Dark Water (Blu-ray)


Picture: B     Sound: B     Extras: C-     Film: D



It is one thing that we are in an Asian Doppelganger Horror cycle, but the U.S. remakes have often been more embarrassing.  That has included two films each (so far?) based on The Grudge and The Ring, the latter of which is authored by the same writer that has made Walter Salles’ Dark Water (2005) possible.  As to whether the original Japanese film was good or not is for a later review, but despite a sometimes promising screenplay by Rafael Yglesias, the film eventually does not add up and quickly falls apart.


Jennifer Connelly is a now single parent who is doing her best to take care of her daughter (Ariel Gade) and finds a new place in an apartment building that is not great or a total tenement slum either.  Unfortunately, it seems there was a murder in the building and the whole place is haunted; maybe even specifically her new place.  Though it could have been at least interesting, the film goes astray by the middle act and never recovers.  It even has a solid cast in John C. Reilly, Tim Roth, Dougray Scott, Pete Postlewaite (just wasted in the even worse Omen remake) and Camryn Manheim, but it gets muddled and al you will think when this is over is how much better Stanley Kubrick’s The Shining was.  Points to Connelly for using enough makeup to downplay her beauty.

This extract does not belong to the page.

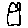
Label: house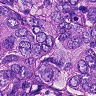
Metastatic tissue present: yes

The 1080p 2.35 X 1 image was purposely made to look a shade dark throughout by digital internegative means and camerawork by Cinematographer Affonso Beato, A.S.C., A.B.C., yet nothing is memorable about the images, they are never that engaging and all involved should have taken basic lessons in Alfred Hitchcock films despite the fact that nothing Hitch ever did was explicitly supernatural.  The lack of suspense and boredom extends to the PCM 5.1 16bit/48kHz mix, which though better than the standard Dolby Digital 5.1 mix, is flat and too impressed with itself.  The PCM is rich and full, with some punchy moments for the moments that are supposed to be scary, but even music by the effective Angelo Badalamenti cannot save this disappointment.


Extras include a Blu-ray-only way to access certain key scenes, two deleted scenes and an analysis of two other scenes that are a little interesting and in part because they are brief.  The film runs 105 minutes and feels longer.  Unless you love Miss Connelly, you can skip this one.